Hampir 70% ekosistem gambut berada di Kawasan non konsesi, hal ini menjadi tantangan sendiri, dimana kegiatan restorasi perlu dinternalisasikan ke dalam rencana pembangunan hingga ditingkat desa dan melibatkan masyarakat sebagai subyek utamanya. BRGM sejauh ini telah melakukan pendekatan restorasi gambut Desa Mandiri Peduli Gambut (DMPG) dengan Pendekatan Restorasi Gambut berbasis Desa di atas luasan 4,6 juta lahan gambut yang meilbatkan 640 desa peduli gambut hingga tahun 2020. Tahun 2021, BRGM mengembangkan konsep desa mandiri peduli gambut di 101 desa. Saat ini BRGM tengah mengembangkan Indeks Desa Peduli Gambut sebagai suatu mekanisme pengukurun keberhasilan pengembangan DMPG di Indonesia. Muhammad Yusuf, Kepala Kelompok Kerja Partisipasi dan Kemitraan BRGM menyampaikan beberapa pembelajaran yang diperoleh dari pengembangan DMPG diantaranya pentingnya pendampingan, internalisasi RPPEG ke dalam rencana pembangunan desa dan pelibatan stakeholder di daerah, pengembangan kawasan perdesaan, pengembangan mini demplot dan BUMDes.

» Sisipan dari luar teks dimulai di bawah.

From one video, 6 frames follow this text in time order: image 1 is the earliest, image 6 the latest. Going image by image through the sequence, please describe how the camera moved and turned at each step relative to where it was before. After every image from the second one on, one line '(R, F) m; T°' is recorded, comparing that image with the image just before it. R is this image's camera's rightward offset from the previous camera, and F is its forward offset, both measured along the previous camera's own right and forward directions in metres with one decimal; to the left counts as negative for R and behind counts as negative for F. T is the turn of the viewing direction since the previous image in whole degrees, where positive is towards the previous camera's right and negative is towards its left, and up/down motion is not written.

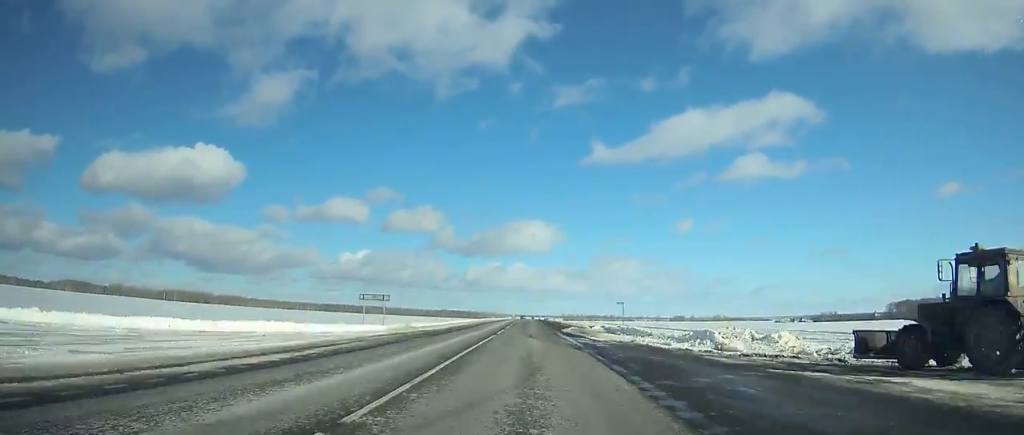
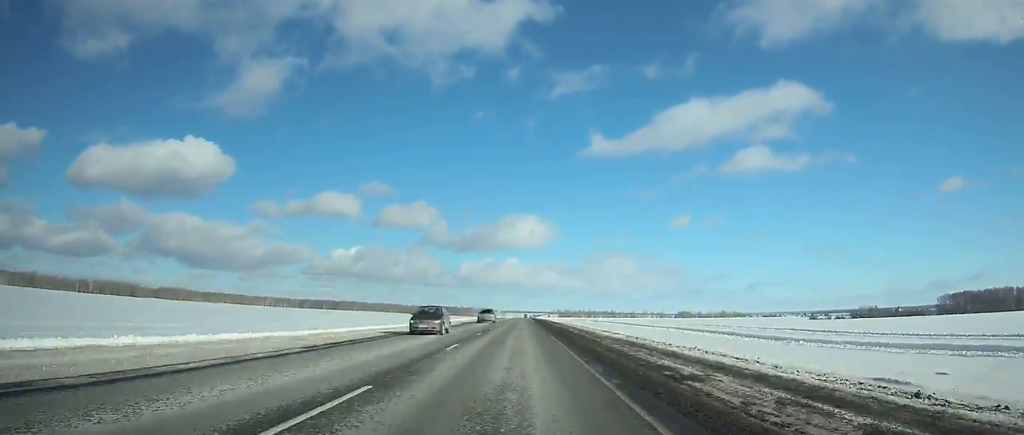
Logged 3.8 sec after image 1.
(+0.2, +122.4) m; 0°
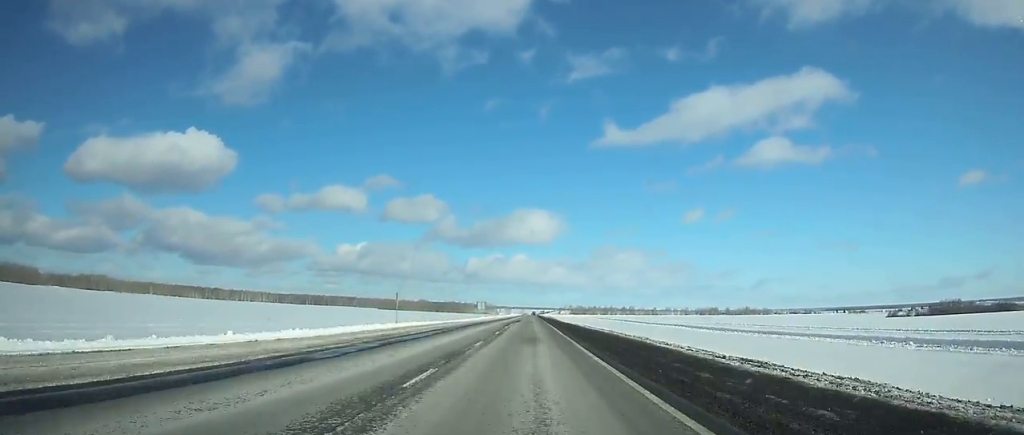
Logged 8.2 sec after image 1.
(-0.1, +146.2) m; 0°
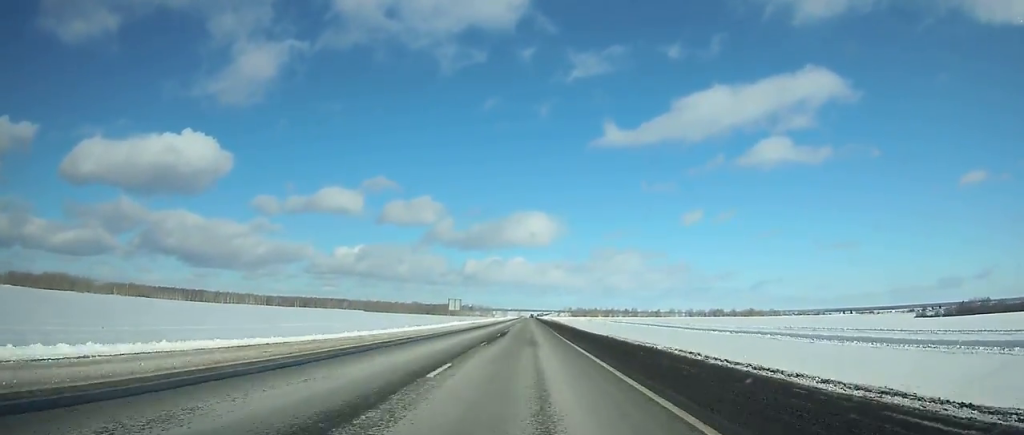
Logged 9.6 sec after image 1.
(0.0, +46.4) m; 0°
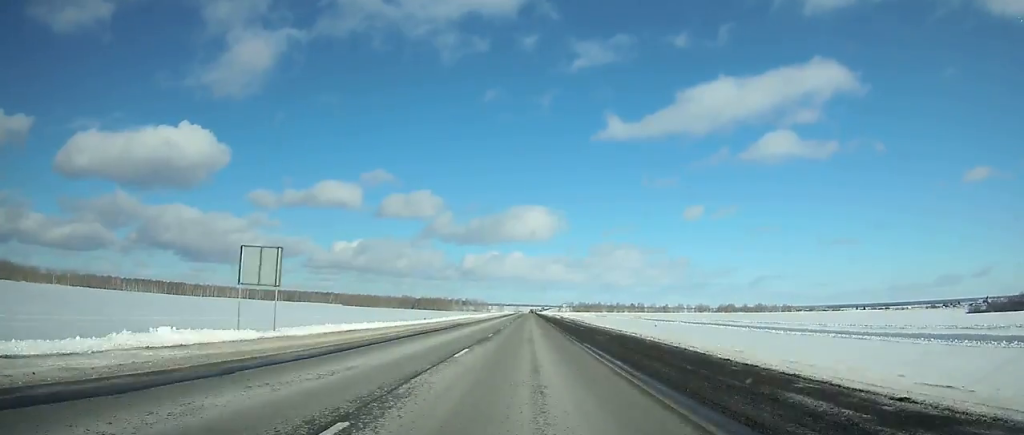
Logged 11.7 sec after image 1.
(+0.2, +69.4) m; 0°
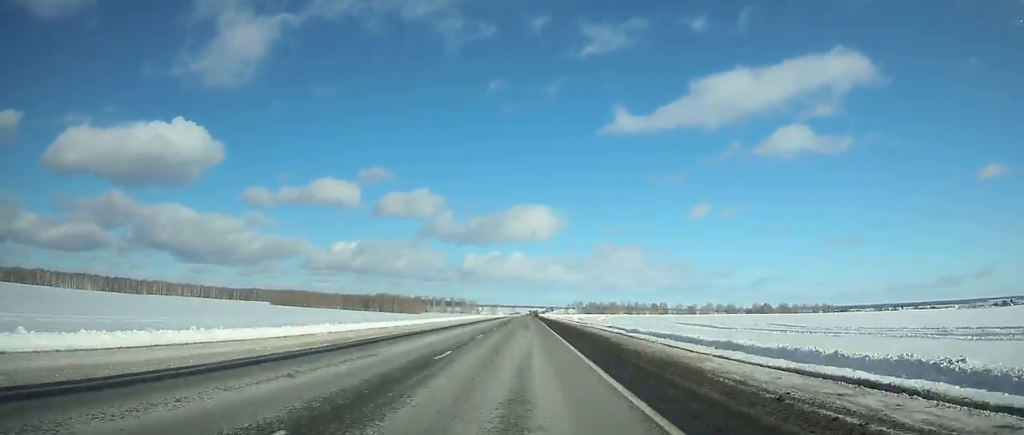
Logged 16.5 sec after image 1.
(+0.4, +157.2) m; 0°

Di sisi lain, Direktur Mitigasi Bencana, BNPB, Taufik Kartiko menambahkan untuk mewujudkan pelestarian alam, mencegah bencana kebakaran hutan dan lahan serta meningkatkan kesejahteraan masyarakat, dibutuhkan kegiatan pelatihan edukasi dan evaluasi, diantaranya dengan membentuk program Sekolah Lapang. Melalui  Sekolah Lapang diharapkan perilaku masyarakat akan berubah dari dari pemanfaatkan lahan gambut dengan membakar menjadi pemanfaatan tanpa bakar.

“Jadi prinsip mitigasi karhutla adalah mengedepankan sisi edukatif, kolaboratif pentahelix, sederhana, aplikatif, meningkatkan ekonomi, memberdayakan budaya lokal, keberlanjutan dan kemandirian,” katanya.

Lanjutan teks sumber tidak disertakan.